REQUIREMENT: Verbatim copy, pictures excluded: every line from the one with "2.4 s after image 1." through the final line of the data below, and no other line.

AVAILABLE DATA:
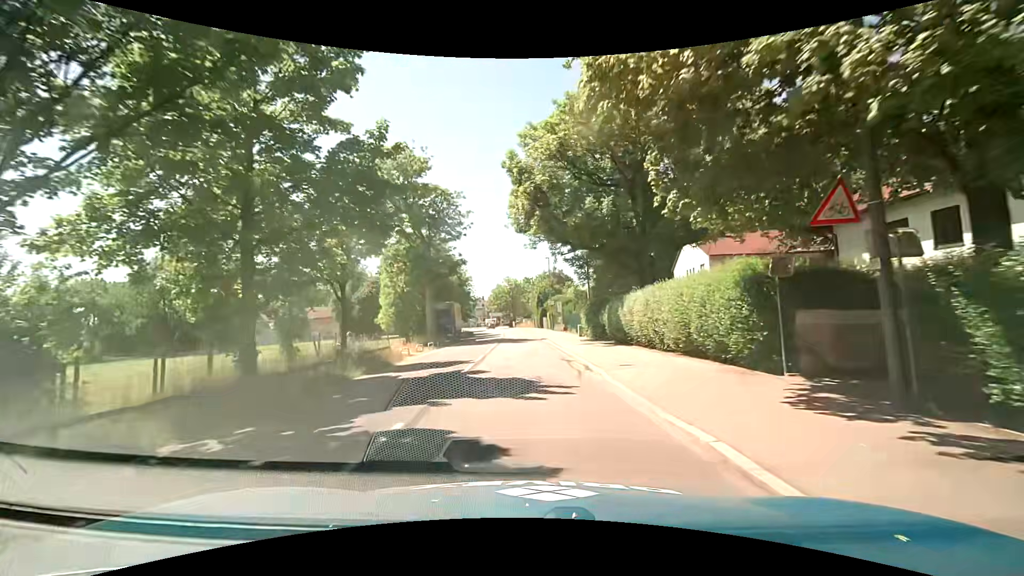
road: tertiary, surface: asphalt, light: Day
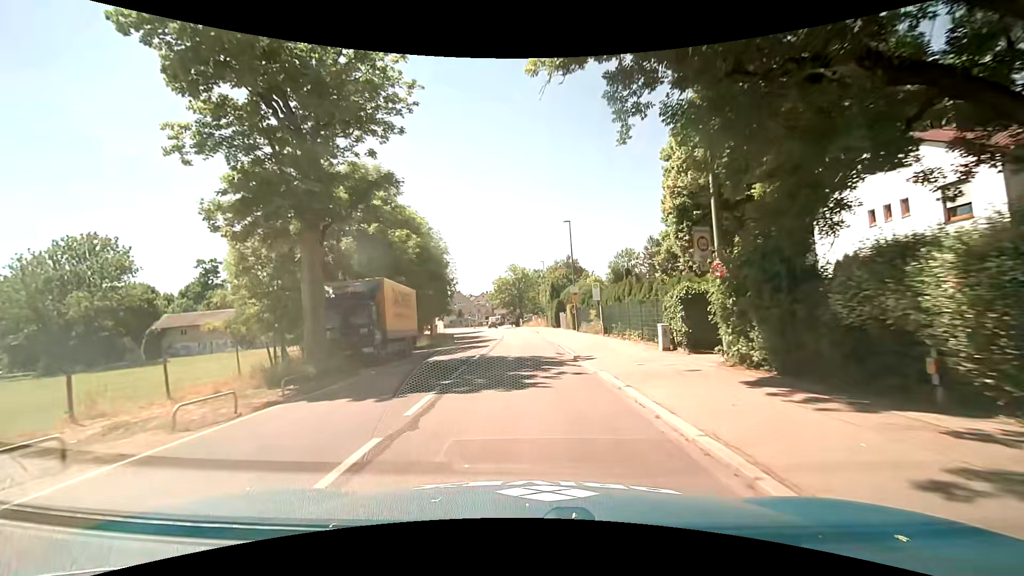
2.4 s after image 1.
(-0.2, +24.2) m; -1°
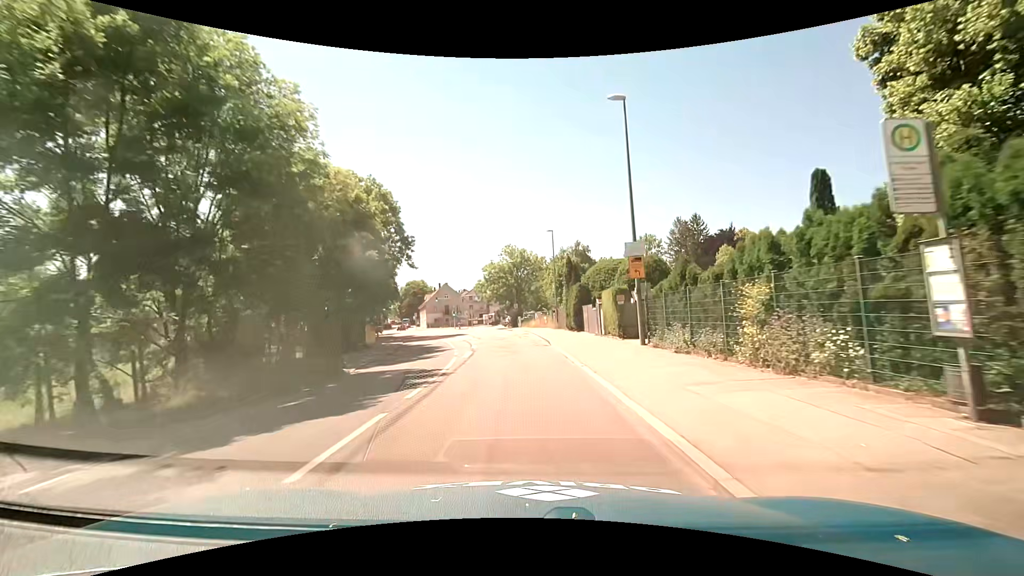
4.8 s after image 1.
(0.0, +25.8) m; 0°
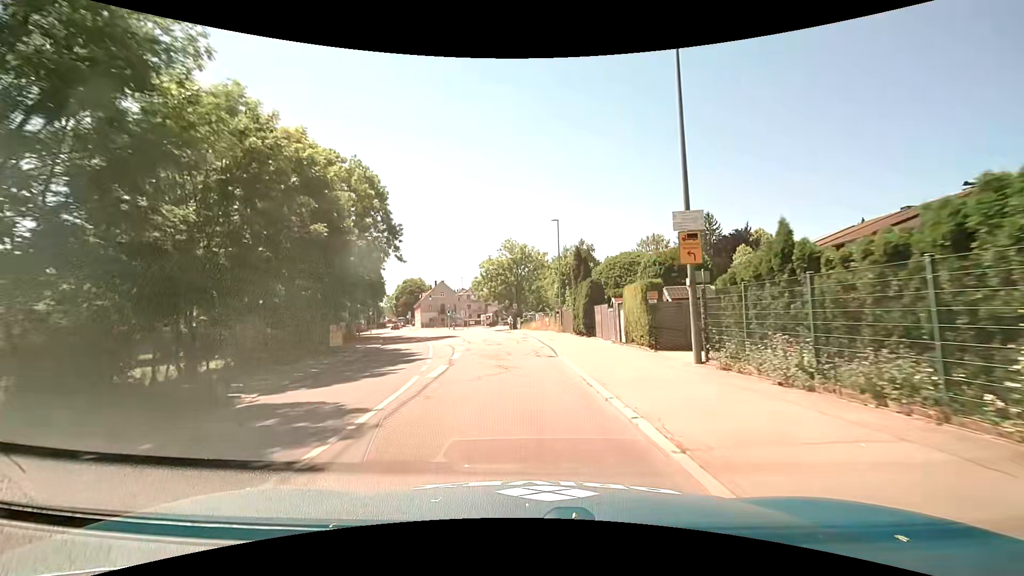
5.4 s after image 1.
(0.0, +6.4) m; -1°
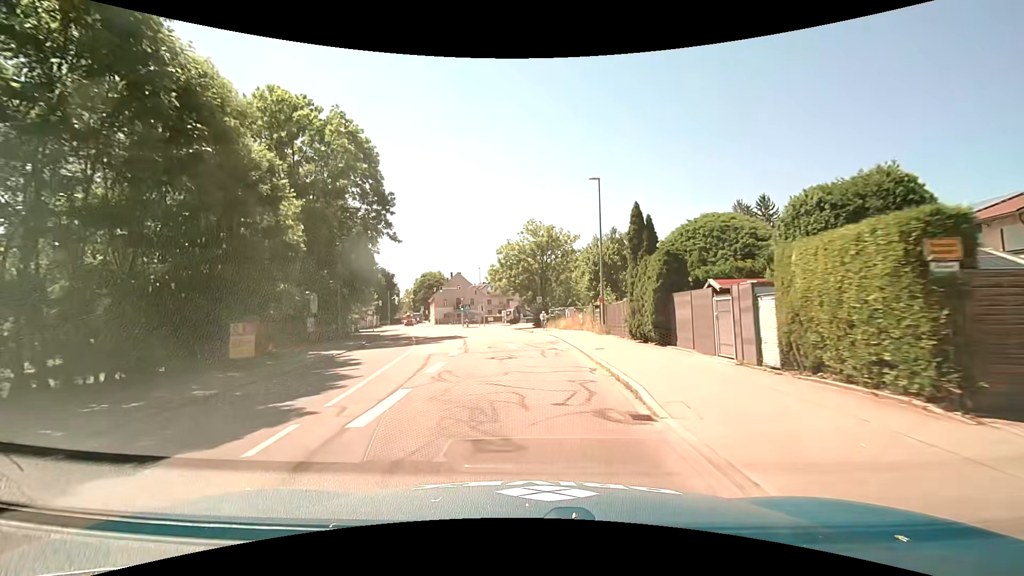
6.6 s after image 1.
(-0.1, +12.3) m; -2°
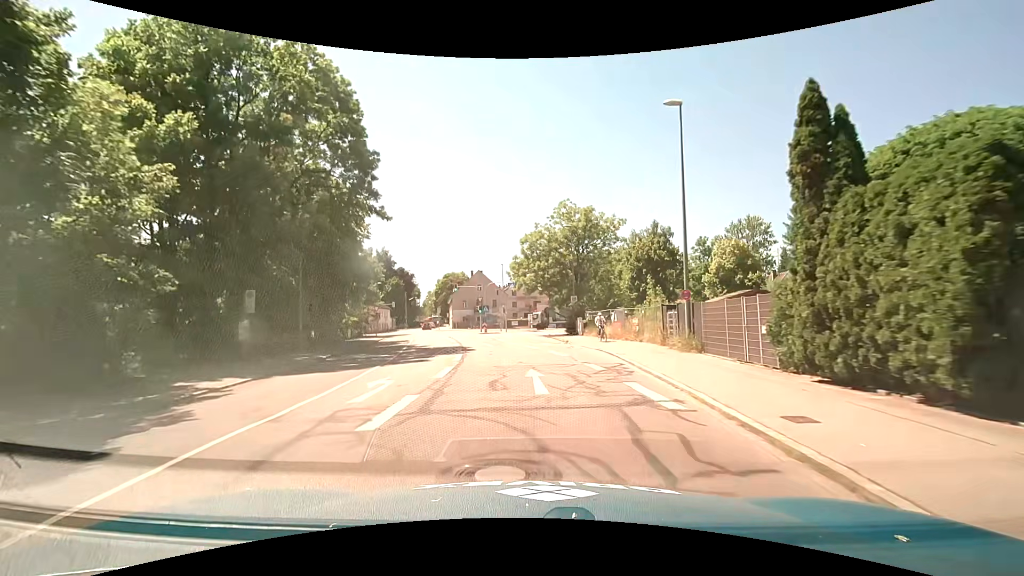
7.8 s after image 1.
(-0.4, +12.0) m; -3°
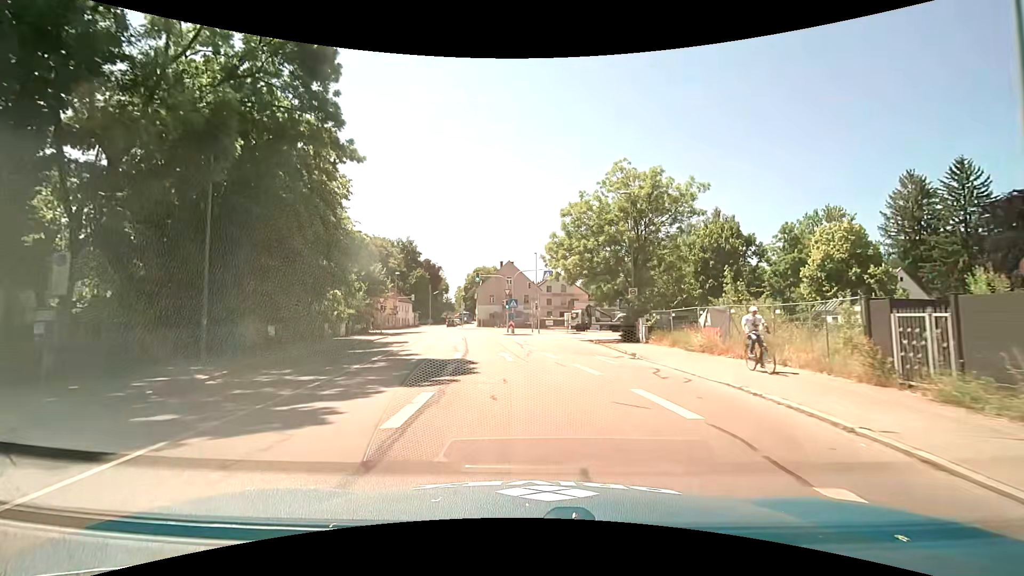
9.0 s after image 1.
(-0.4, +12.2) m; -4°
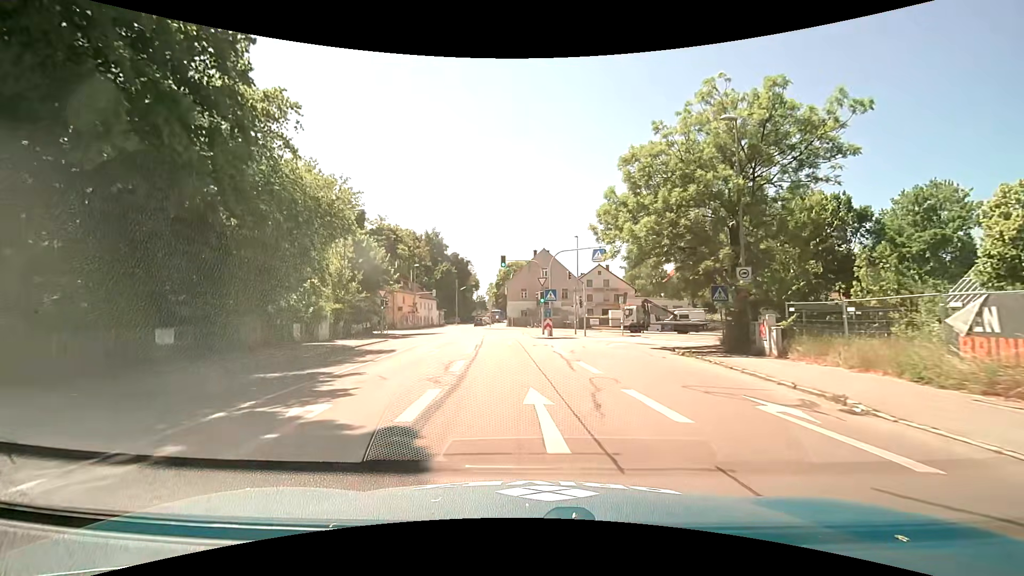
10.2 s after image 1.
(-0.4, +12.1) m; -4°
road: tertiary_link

YOUR RESPONSE:
2.4 s after image 1.
(-0.2, +24.2) m; -1°
4.8 s after image 1.
(0.0, +25.8) m; 0°
5.4 s after image 1.
(0.0, +6.4) m; -1°
6.6 s after image 1.
(-0.1, +12.3) m; -2°
7.8 s after image 1.
(-0.4, +12.0) m; -3°
9.0 s after image 1.
(-0.4, +12.2) m; -4°
10.2 s after image 1.
(-0.4, +12.1) m; -4°
road: tertiary_link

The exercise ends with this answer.